### [Dataset entries]
======

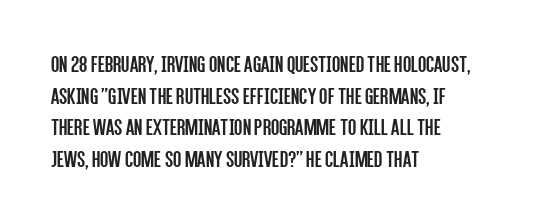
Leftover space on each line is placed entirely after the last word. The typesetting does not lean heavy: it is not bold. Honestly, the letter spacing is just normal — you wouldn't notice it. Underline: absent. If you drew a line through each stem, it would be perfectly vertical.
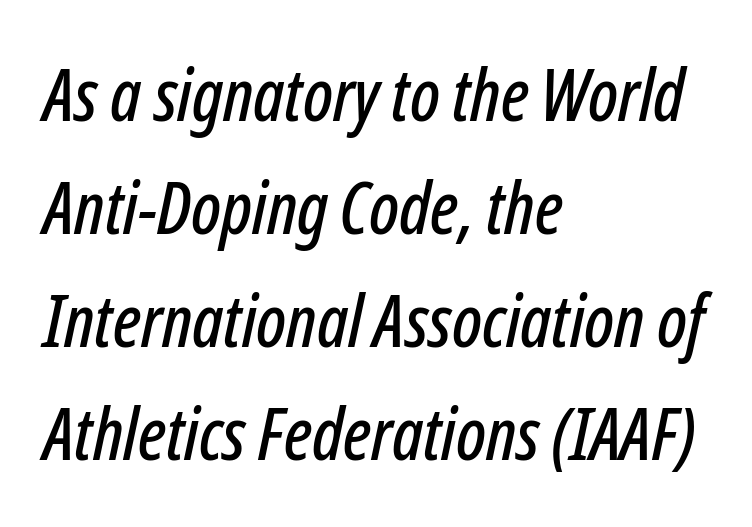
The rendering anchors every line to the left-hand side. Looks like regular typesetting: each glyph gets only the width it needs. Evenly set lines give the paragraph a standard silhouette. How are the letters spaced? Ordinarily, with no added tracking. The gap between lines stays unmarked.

======

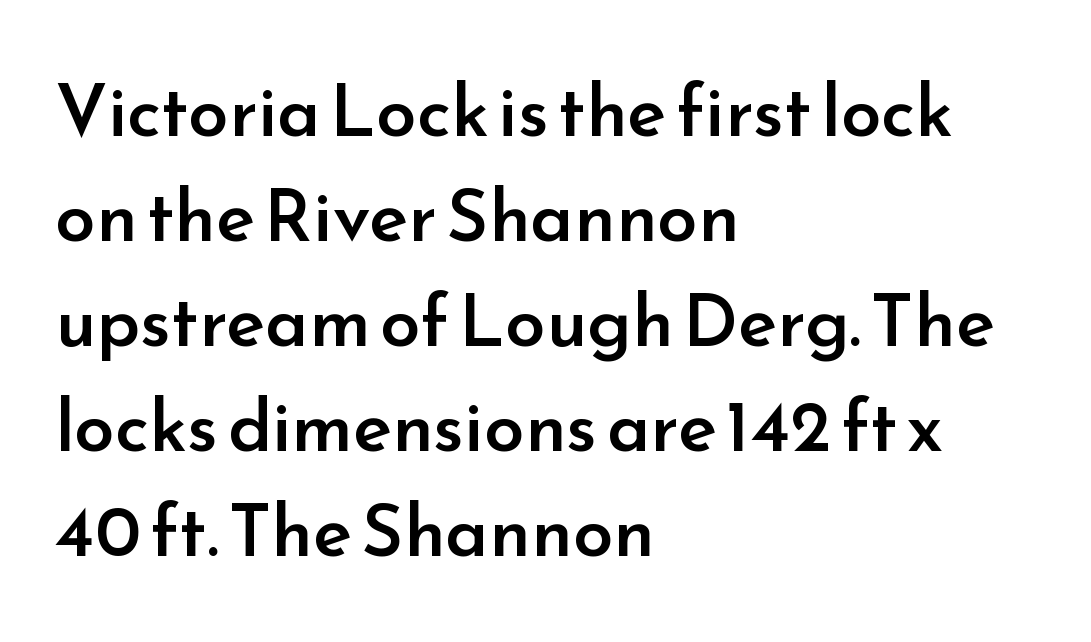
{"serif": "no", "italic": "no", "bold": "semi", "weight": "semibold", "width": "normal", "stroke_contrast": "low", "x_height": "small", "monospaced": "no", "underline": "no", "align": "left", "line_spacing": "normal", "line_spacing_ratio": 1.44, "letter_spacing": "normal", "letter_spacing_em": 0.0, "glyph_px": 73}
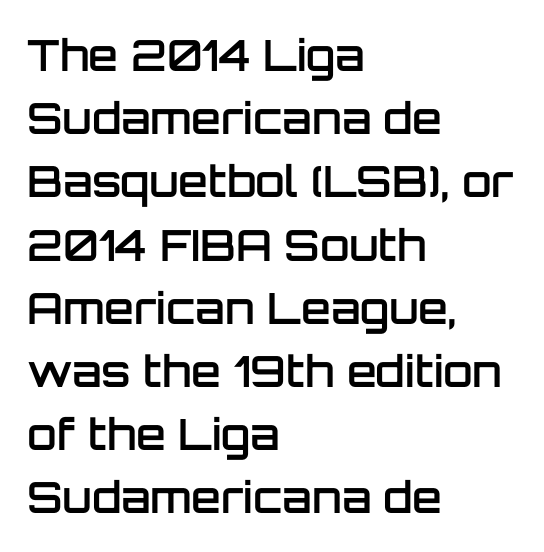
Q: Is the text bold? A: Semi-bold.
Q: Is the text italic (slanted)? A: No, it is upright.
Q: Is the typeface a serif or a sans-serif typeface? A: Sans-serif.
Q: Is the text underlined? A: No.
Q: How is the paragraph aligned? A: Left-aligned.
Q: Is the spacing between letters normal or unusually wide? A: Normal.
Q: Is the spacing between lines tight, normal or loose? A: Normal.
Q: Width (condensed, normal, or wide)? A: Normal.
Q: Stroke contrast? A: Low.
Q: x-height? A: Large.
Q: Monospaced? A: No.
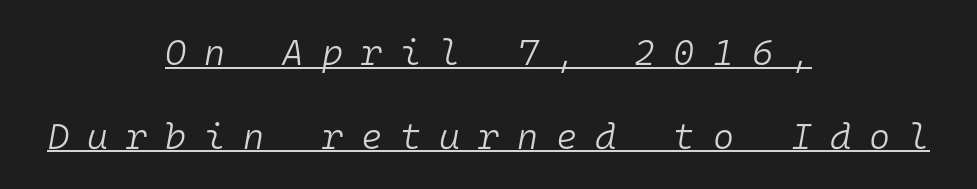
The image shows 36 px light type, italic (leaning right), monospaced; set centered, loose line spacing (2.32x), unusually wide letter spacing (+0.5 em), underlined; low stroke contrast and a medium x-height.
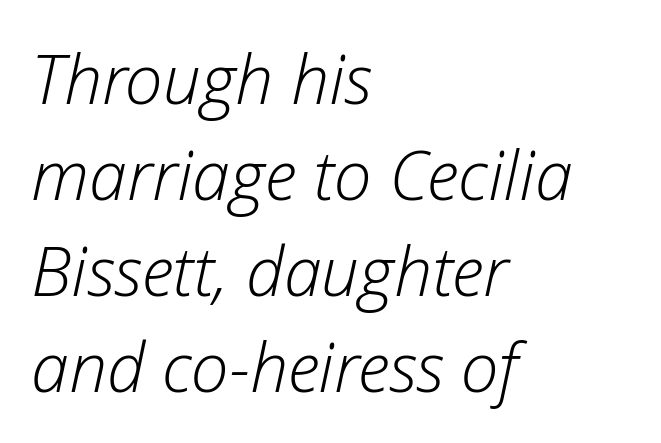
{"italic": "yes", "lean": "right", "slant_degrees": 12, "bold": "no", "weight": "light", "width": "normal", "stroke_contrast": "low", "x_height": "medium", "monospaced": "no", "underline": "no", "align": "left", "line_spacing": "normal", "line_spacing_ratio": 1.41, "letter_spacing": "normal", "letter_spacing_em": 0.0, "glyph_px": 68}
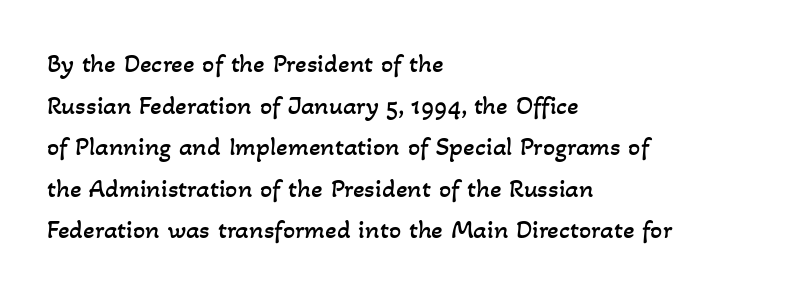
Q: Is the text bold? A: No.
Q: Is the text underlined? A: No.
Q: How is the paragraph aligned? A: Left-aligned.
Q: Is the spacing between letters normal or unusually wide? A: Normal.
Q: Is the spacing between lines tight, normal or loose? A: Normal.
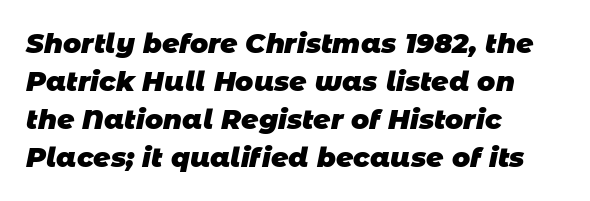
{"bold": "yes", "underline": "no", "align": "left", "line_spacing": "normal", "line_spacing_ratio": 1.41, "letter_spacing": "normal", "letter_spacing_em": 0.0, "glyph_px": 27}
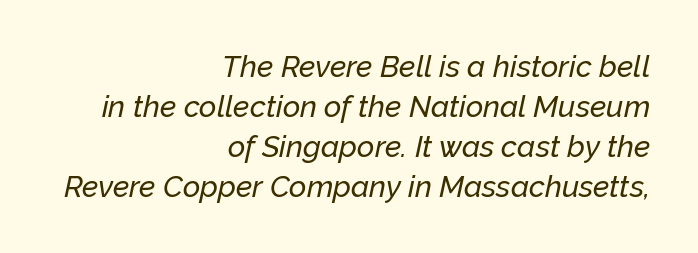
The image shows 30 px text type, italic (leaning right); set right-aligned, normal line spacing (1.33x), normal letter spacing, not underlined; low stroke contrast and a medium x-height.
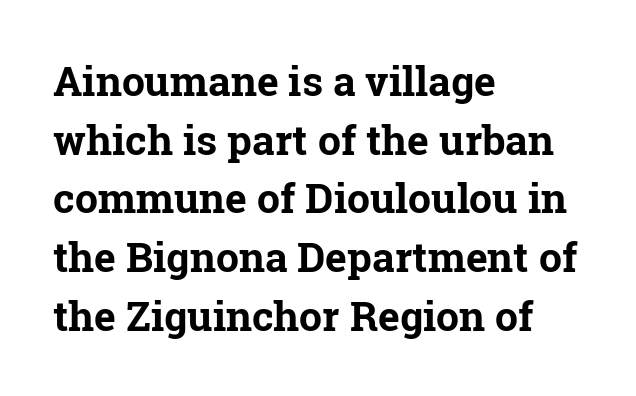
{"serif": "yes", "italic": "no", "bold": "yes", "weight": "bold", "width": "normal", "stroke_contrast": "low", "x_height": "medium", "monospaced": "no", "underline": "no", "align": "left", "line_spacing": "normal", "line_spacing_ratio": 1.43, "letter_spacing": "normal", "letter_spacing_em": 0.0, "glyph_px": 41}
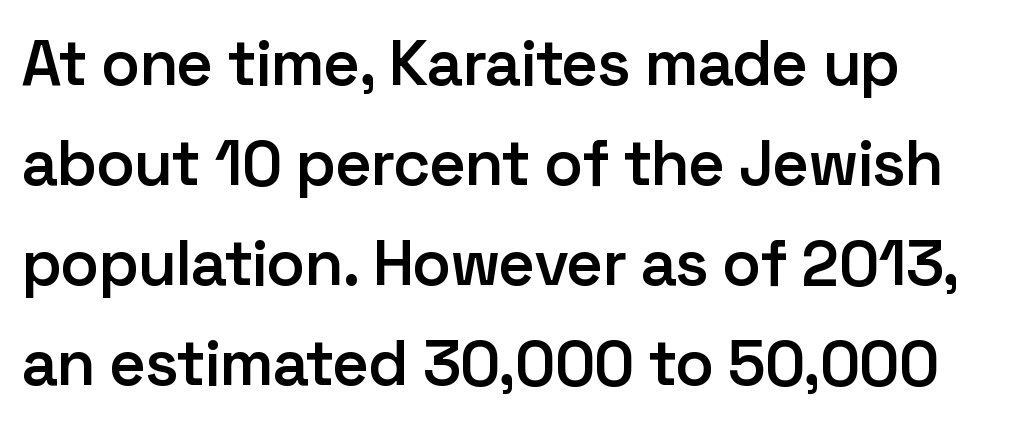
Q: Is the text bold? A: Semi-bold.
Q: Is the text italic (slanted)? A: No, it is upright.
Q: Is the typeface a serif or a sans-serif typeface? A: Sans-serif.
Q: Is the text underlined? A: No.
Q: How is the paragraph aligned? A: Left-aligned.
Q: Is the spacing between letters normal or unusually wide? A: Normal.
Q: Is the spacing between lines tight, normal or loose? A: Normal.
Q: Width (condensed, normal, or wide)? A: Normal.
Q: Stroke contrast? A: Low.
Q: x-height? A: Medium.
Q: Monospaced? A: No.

======

Print, exactly, each line above from the one with "Leftover space on" to the one with "The rendering anchors", end lines included. Leave pictures out of it.

Leftover space on each line is placed entirely after the last word. The typesetting does not lean heavy: it is not bold. Honestly, the letter spacing is just normal — you wouldn't notice it. Underline: absent. If you drew a line through each stem, it would be perfectly vertical.
The rendering anchors every line to the left-hand side. Looks like regular typesetting: each glyph gets only the width it needs. Evenly set lines give the paragraph a standard silhouette. How are the letters spaced? Ordinarily, with no added tracking. The gap between lines stays unmarked.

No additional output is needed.